Scrum Teams are effective when they self-manage. Sadly, it is a concept that is commonly misunderstood; mistaking it to mean that the team manages their entire existence without support from their organisation – this is not the case. Self-management is when a team decides who does what, when and how and importantly, the Scrum events underpin this concept. In complex environments (where more is unknown than known), having the people closest to the problem is vital. The ability to pivot rapidly, supported by a rapid time to market and tight quality controls is the core of what Business Agility actually means.
But – and there’s a big but, when Scrum Teams aren’t empowered to self-manage and control their own destiny, value will always suffer. The reason is because of Scrum’s underlying empirical feedback loop that requires frequent transparency, inspection and adaptation, but it is common for our users to be too busy to help us to inspect our work. Consequently, the Scrum events become less impactful, more formulaic and eventually get to a point where a team will say ‘can we just squish these two meetings together?’. For a Scrum Master, that is a spark about to ignite a wildfire – your team are now at a point where they don’t see the value in each Scrum event so they want to shorten them.

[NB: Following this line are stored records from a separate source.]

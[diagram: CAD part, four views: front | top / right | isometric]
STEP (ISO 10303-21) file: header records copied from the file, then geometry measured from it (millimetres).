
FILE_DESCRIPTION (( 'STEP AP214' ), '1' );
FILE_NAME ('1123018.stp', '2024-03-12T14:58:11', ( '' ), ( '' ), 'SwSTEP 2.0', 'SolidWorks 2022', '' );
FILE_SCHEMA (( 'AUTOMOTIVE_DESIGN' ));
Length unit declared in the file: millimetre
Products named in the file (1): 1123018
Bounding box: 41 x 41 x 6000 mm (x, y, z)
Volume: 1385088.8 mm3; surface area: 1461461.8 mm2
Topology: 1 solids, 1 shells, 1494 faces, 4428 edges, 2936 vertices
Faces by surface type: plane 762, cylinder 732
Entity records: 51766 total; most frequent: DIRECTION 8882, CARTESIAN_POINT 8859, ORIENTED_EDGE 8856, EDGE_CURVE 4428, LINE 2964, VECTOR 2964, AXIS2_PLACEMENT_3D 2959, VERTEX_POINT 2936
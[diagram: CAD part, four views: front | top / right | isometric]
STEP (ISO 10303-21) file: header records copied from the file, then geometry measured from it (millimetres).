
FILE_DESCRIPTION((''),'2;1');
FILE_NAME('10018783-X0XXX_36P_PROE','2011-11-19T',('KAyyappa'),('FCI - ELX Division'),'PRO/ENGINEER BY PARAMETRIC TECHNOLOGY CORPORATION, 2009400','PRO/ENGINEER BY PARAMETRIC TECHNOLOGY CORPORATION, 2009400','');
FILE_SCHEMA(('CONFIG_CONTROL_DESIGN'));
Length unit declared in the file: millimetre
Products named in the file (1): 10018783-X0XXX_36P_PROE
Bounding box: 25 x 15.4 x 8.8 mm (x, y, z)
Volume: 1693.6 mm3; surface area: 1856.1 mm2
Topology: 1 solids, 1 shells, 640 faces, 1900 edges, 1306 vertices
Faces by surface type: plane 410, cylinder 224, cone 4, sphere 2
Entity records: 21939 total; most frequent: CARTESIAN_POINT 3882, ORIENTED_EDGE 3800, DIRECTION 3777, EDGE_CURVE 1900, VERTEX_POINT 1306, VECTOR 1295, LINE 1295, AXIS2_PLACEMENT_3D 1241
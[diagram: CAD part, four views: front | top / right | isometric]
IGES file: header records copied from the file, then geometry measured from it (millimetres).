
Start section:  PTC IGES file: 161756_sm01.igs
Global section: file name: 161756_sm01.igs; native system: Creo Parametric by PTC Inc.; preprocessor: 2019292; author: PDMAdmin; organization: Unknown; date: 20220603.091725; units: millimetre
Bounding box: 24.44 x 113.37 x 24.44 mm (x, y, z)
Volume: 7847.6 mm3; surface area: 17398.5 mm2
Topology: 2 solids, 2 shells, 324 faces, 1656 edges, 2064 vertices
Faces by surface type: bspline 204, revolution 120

For those interested in why it is called a Scrum ‘event’ rather than a ‘meeting’, it’s partly down to psychology (events sound more important and impactful) but also because each has a clear outcome and actions. When there becomes a feeling of ‘ain’t nobody got time for that’ then we are missing an opportunity for our team to be able to deal with volatility and uncertainty. Things change, and the events help us to formally decide on the adaptations we need to make to improve our value offering and increase our return on investment. Scrum provides five of these events that are part of the framework, can you name them?
Daily Scrum – A 15-minute timeboxed event for the Developers (the Scrum Master and Product may attend but typically don’t participate) for them to inspect the progress made towards their Sprint Backlog in the previous 24h. Their discussions focus on the Sprint Goal and may result in items being added or removed from the Sprint Backlog.
Sprint Planning – An 8-hour timeboxed event for the entire Scrum Team to discuss the Why (Sprint Goal), What (Sprint Backlog) and How (the plan) for the Sprint. It takes a long time and when done well, mitigates the need for additional meetings.
Sprint Review – A 4-hour timeboxed event for the stakeholders (organisation and users) invited by the Product Owner to inspect the increment produced by the Scrum Team. Only work which meets the Definition of Done can be inspected and presented – but this is not simply a demonstration, it is a working discussion. The outputs and outcomes are a re-ordered Product Backlog and hopefully a better understanding of what to focus on in the next Sprint.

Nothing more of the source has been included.